We’ll do a **Logistic Regression** as our baseline classifier. Although it’s not typically used for raw images, this is just to demonstrate the ML workflow:
1. **Fit** a classifier on `(X_train, y_train)`.
2. **Validate** on `(X_val, y_val)` (optional, but good practice).
3. **Test** final performance on `(X_test, y_test)`.

### Train-Test Split Example (Alternative)
If your dataset doesn't have separate splits, you can manually create them using `train_test_split` from scikit-learn.
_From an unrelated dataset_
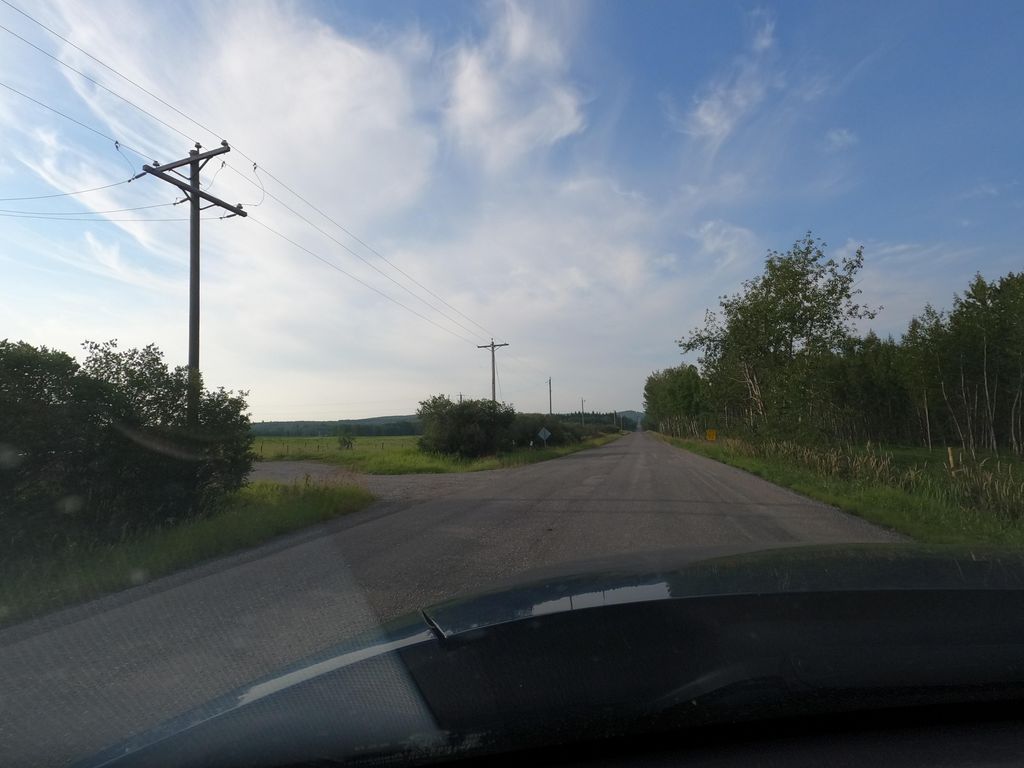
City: calgary

For example:
```
train_X, test_X, train_y, test_y = train_test_split(X, y, test_size=0.2)
```

Let’s proceed with the dataset’s default splits.

In [None]:
# ====== LLM-GENERATED CODE CELL (Logistic Regression) ======
# Example prompt:
# "Generate code to train a LogisticRegression model on (X_train, y_train),
# evaluate it on (X_val, y_val), then test on (X_test, y_test). Print accuracy."
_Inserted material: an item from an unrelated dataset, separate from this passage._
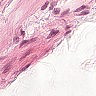
Metastatic tissue present: no
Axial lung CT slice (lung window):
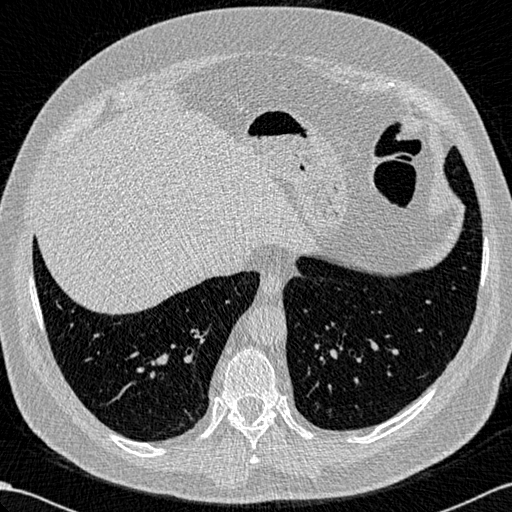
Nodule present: no

clf = LogisticRegression(max_iter=1000)
clf.fit(X_train, y_train)

print("Validation Phase")
val_preds = clf.predict(X_val)
val_acc = accuracy_score(y_val, val_preds)
print("Validation Accuracy:", val_acc)

print("\nTest Phase")
test_preds = clf.predict(X_test)
test_acc = accuracy_score(y_test, test_preds)
print("Test Accuracy:", test_acc)

## 7. Evaluating with a Confusion Matrix

A **confusion matrix** helps visualize how many items were correctly classified vs. misclassified for each class.

### Prompt Example
```
Please generate a code snippet that computes a confusion matrix
for test_preds and y_test using scikit-learn.
Then display it using matplotlib.
```


In [None]:
# ====== LLM-GENERATED CODE CELL (Confusion Matrix) ======
# Example:

cm = confusion_matrix(y_test, test_preds)
print("Confusion Matrix:")
print(cm)

plt.matshow(cm, cmap=plt.cm.Blues)
plt.title("Confusion Matrix")
plt.colorbar()
plt.xlabel("Predicted")
plt.ylabel("True")
plt.show()

## 8. Observations & Clinical Relevance

- **Model Performance**: Logistic Regression on raw images might not yield very high accuracy, but this is a simplified demonstration.
- **Why It Matters**: Even a basic workflow reveals the process of training, validating, testing, and interpreting results. In real-world practice, you’d consider deep CNNs or specialized architectures for images.
- **Next Steps**: We’ll explore more sophisticated models or domain-specific techniques in future sessions.


## 9. Assignment #2: A Deeper Dive

**Task**: Using the same dataset (or a different open-source dataset if you wish):
1. **Perform an Extended EDA** (Exploratory Data Analysis). 
   - Prompt the LLM to generate code that computes class distribution, plots a few images (if image data), or prints summary statistics.
2. **Try a Different Classifier** (e.g., `RandomForestClassifier` from scikit-learn) and compare accuracy with Logistic Regression.
3. **Document** your findings in your daily log:
   - How does the confusion matrix differ?
   - Which classes are easiest/hardest to predict?

### Bonus
- Use an LLM to **optimize hyperparameters** (e.g., number of estimators in RandomForest) and see if performance improves.
- Reflect on how you might apply these methods to actual medical images or clinical data.

**Feel free to add** any interesting observations or creative solutions. Good luck, and see you on **Day 3**!

# End of Day 2 Notebook

Today, you learned how to:
- Install and import necessary libraries.
- Load a dataset from Hugging Face.
- Convert data to a format suitable for scikit-learn.
- Train, evaluate, and interpret a baseline classifier.

Remember to record your progress, roadblocks, and reflections in your **Daily Log** or **Portfolio**. If you have questions, ask your mentors or consult the LLM for additional guidance!